El políglota, buscando la lógica de tamaño fenómeno, supuso, y así se lo comunicó a su amigo, que la momia al volver a la vida los habla visto en la bodega a través de algún resquicio de la caja; pero que, expuesta a síncopes frecuentes antes de entrar en la plenitud de la existencia, había perdido la noción del tiempo en sus alternativas de insensibilidad, atribuyendo así a épocas remotas sucesos recientes.

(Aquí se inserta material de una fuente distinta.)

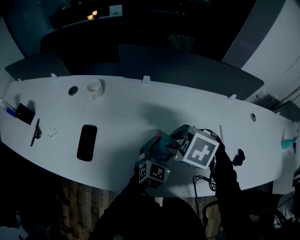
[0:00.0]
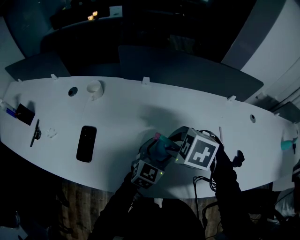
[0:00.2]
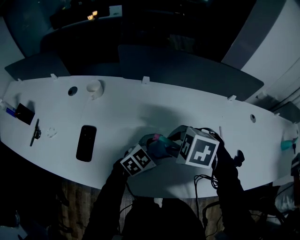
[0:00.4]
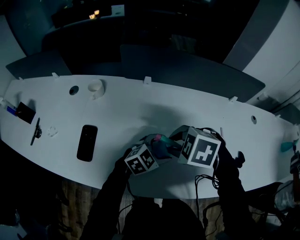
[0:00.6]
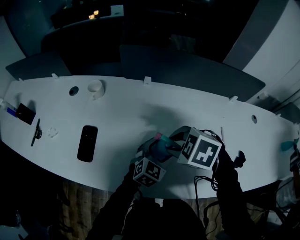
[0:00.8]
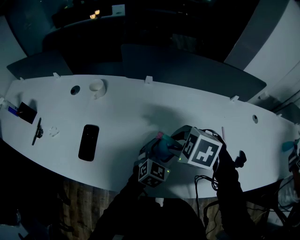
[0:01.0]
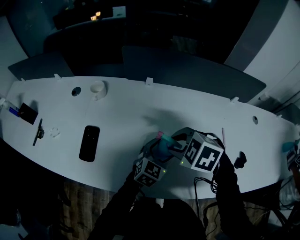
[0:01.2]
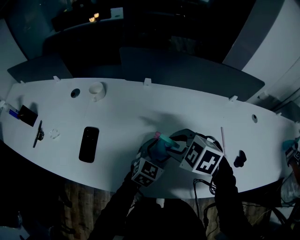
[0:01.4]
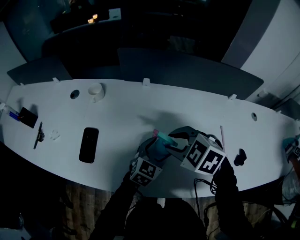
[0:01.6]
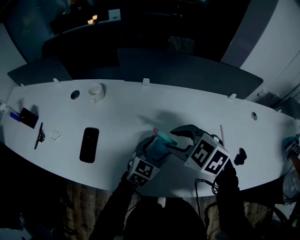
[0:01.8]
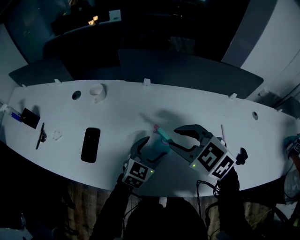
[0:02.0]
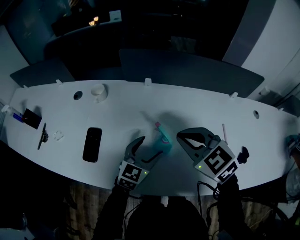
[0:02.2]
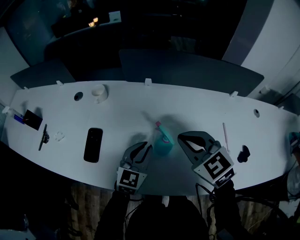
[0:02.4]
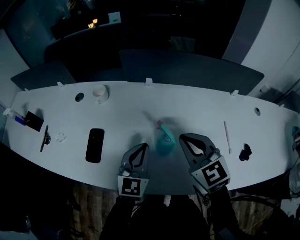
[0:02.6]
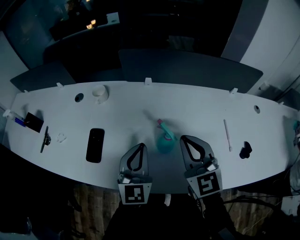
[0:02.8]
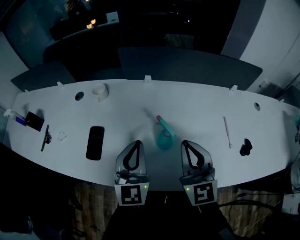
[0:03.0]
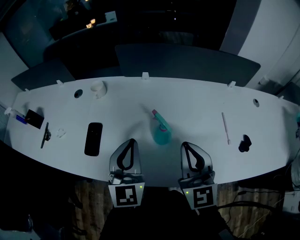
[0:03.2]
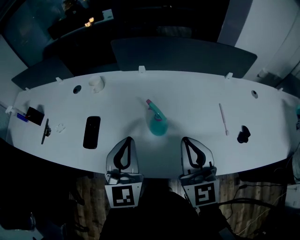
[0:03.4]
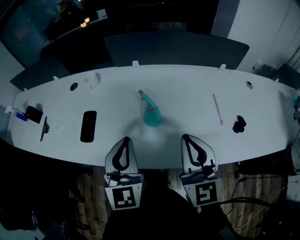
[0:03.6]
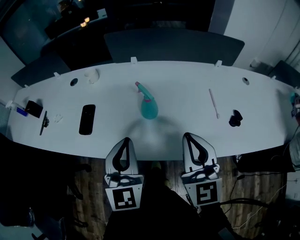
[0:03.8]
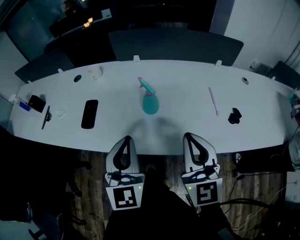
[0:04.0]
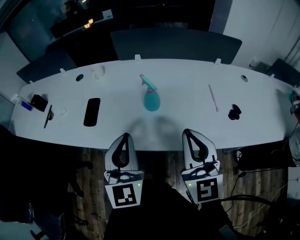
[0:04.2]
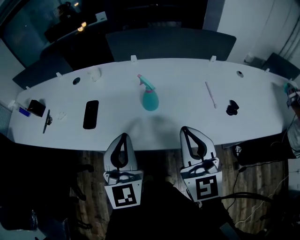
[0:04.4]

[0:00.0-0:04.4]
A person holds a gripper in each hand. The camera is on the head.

Error craso, como se probará en el curso de esta inverosímil historia.

—¿Pero qué significa esta música? ¿Qué anuncian estos aprestos de fiesta? —preguntó Sun-ché al oír unos golpes de gong con los que se daba a entender a la comitiva que la hora avanzaba y que la paciencia del emperador tocaba a su término.

Entonces King-seng narró lo ocurrido y puso al corriente a su soberana de cómo Hien-ti, pretextando al pueblo su muerte por accidente natural, se disponía a celebrar segundas nupcias con la extranjera a cuyos parientes había ofrecido, en cambio del consentimiento, el secreto de la inmortalidad.

—Miente el infame —exclamó con voz de trueno la emperatriz—. Lo que medita es vuestro exterminio; pero no lo conseguirá.

Y por un instintivo movimiento se abrazó a don Sindulfo como para defenderle de toda asechanza.

—No hay más; la ha flechado —dijo Juana a su señorita—. A ver si así la deja a usted de mortificar ese sinapismo.

—No lo conseguirá —replicó el maestro de ceremonias—; porque presintiendo que aún no habíais exhalado el postrer suspiro, vuestros parciales sólo aguardan a que dé principio la ceremonia para provocar la rebelión.

—Pues bien, marchemos; yo os guiaré al combate.

—Poco a poco —objetó Benjamín, a quien el bélico entusiasmo de la augusta señora cercenaba las probabilidades de éxito si, vencidos en la refriega, no podía hacerse dueño del talismán que tanto ambicionaba—. La prudencia dicta meditar bien el caso antes de abandonarse a una aventura peligrosa.

—Sí —adujo King-seng—. Vuestra egregia persona no debe exponerse. Todo está ya previsto para caer oportunamente sobre el tirano cuando menos lo presuma. No por anticipar el triunfo lo convirtamos en derrota.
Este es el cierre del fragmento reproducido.